Изменить стиль страницы

Маша почему-то заинтересовалась разговором и присмотрелась к священникам внимательнее. Только теперь она увидела, что все они разного возраста; вот те двое – совсем еще юноши, почти мальчики, Маша заметила, что у них нет наперсных крестов, значит, они не были рукоположены в сан; рядом с ними молодой ухоженный батюшка в дорогой рясе и с позолоченным распятием на груди, другой худощавый высокий с лицом, на котором горели глаза подвижника, и отец семейства – человек крупный, уже начавший лысеть и заплывать жирком, хотя, несомненно, молодой, скорее всего – они ровесники…
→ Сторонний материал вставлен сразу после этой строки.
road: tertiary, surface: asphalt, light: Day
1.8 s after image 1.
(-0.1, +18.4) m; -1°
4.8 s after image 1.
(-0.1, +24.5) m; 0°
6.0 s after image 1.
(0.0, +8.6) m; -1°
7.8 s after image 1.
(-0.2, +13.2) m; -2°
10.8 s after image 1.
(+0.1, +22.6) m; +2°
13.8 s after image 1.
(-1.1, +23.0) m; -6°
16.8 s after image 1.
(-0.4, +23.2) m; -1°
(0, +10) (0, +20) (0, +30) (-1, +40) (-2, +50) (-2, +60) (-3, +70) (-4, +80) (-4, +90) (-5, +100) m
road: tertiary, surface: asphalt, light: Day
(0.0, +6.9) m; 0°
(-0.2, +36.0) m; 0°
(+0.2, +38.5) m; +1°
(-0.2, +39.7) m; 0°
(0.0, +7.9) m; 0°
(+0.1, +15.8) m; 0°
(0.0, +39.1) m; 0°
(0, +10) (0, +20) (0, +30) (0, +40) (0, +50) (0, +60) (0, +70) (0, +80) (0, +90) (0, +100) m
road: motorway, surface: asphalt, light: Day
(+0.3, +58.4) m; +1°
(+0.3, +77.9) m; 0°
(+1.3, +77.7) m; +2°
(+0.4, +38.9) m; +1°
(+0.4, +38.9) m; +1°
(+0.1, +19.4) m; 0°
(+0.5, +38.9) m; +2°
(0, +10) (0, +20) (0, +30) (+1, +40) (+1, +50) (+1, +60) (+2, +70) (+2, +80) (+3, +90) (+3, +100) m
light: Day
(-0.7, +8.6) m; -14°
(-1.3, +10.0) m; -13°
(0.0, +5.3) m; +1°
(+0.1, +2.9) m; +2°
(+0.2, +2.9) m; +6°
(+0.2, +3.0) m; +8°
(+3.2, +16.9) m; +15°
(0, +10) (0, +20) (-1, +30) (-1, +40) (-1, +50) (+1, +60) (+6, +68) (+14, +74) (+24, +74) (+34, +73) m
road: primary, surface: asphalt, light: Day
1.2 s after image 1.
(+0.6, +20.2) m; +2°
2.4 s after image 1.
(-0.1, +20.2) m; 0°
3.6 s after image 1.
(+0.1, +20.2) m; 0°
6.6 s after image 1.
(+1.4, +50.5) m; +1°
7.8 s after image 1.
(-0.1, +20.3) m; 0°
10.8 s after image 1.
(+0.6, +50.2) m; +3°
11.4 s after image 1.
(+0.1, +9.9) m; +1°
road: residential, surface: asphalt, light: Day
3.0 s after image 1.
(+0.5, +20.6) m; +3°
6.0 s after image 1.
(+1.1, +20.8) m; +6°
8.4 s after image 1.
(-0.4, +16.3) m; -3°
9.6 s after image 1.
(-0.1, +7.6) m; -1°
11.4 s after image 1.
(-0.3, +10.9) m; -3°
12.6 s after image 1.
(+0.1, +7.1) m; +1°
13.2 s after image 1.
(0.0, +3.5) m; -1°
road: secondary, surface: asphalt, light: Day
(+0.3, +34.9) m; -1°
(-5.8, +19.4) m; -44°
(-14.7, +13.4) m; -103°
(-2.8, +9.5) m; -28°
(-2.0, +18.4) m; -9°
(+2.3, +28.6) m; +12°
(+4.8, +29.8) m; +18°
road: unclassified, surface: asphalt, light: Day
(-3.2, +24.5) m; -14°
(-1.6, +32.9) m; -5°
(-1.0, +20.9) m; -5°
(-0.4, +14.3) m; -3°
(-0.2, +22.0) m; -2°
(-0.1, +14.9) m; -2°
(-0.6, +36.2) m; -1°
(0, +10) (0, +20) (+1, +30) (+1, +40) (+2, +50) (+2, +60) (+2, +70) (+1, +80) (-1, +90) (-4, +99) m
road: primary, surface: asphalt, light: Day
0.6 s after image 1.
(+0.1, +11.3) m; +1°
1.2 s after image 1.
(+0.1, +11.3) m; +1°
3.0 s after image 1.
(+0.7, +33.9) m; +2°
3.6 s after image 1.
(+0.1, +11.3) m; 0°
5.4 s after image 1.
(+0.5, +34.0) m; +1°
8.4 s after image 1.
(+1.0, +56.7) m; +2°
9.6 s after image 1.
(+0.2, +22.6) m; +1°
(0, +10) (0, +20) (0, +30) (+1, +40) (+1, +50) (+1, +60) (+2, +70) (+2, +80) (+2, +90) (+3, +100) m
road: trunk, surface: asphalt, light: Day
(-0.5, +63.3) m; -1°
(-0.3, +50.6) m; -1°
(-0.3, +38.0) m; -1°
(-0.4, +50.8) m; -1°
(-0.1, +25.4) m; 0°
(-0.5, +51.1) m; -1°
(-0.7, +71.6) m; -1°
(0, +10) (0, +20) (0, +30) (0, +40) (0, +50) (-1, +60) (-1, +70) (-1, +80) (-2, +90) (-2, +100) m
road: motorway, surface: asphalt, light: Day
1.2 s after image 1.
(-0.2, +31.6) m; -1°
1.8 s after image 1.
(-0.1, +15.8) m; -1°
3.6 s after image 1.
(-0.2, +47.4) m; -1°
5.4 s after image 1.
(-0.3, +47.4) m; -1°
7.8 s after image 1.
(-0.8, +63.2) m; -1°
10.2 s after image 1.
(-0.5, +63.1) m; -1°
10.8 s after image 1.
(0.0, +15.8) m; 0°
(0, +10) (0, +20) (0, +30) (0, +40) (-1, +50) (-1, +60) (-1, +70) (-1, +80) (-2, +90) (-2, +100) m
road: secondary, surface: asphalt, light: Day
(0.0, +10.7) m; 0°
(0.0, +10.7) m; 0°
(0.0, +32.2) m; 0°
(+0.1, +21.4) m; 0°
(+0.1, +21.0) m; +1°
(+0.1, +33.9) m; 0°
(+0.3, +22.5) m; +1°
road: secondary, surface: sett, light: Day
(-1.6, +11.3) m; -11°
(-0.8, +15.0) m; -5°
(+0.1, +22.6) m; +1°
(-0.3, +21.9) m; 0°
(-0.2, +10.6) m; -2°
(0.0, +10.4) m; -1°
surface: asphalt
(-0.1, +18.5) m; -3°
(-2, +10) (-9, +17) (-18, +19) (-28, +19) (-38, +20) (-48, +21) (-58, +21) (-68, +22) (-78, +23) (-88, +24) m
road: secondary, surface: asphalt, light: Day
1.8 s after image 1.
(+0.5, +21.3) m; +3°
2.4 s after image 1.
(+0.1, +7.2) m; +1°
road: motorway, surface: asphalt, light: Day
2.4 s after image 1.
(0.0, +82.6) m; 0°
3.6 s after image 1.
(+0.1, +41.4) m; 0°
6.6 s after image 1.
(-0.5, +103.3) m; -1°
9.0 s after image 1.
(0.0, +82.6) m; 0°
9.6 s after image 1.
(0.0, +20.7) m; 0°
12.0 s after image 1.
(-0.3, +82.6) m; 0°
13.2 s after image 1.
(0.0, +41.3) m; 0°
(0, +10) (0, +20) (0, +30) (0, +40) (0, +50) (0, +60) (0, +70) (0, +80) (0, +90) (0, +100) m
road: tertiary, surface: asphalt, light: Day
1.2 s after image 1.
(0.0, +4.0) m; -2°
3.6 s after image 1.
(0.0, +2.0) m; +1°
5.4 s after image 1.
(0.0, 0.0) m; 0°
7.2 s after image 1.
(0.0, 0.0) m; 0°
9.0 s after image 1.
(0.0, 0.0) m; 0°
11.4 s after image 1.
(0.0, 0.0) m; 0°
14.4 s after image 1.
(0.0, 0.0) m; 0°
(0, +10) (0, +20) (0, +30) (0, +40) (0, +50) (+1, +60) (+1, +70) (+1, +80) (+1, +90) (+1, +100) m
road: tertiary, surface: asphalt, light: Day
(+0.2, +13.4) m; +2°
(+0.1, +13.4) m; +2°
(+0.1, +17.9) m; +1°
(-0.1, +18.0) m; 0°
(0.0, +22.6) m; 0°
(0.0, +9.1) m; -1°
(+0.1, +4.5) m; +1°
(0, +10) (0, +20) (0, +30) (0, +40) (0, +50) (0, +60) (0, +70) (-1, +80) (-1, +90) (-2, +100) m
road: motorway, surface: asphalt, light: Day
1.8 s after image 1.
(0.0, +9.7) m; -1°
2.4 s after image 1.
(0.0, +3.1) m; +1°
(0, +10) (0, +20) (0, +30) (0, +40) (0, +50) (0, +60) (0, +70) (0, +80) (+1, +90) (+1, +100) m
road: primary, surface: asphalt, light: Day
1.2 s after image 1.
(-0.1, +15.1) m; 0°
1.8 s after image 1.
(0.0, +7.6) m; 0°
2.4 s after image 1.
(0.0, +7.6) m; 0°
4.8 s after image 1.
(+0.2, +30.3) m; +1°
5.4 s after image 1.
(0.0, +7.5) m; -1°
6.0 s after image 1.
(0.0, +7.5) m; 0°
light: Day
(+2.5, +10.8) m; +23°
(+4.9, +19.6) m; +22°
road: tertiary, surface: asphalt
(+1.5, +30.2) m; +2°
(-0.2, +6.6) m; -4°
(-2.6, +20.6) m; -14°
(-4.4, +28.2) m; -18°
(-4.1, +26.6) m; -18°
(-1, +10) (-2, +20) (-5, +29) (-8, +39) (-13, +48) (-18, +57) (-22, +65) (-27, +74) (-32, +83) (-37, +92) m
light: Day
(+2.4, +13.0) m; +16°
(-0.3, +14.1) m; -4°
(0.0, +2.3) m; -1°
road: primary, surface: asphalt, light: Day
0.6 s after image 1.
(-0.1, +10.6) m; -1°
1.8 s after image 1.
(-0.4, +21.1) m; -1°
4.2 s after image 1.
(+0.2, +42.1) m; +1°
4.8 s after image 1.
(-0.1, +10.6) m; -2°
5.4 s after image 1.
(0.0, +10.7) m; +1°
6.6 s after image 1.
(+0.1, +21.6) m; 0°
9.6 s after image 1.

Ведь Маше уже тридцать два года! Тридцать два, пожалуй, ждать нечего. Все прошло. Она так и осталась девушкой, да что там – старой девой! И, не смотря на то, что она все еще была очень хороша, она знала об этом! О, нет, она никогда не кичилась своей внешностью, даже наоборот, Маша никогда не уделяла себе какого-то особенного внимания. Вот и сейчас на ней было простое бордовое шерстяное платье, да кашемировая шаль, наброшенная на голову. Косметикой она не пользовалась. Но ее губы были сочными и яркими, как нарочно; ресницы – густые и длинные бросали причудливые тени на нежную кожу щек, брови она никогда не выщипывала, и они лежали двумя широкими ровными дугами, украшая ее и без того безупречное чело.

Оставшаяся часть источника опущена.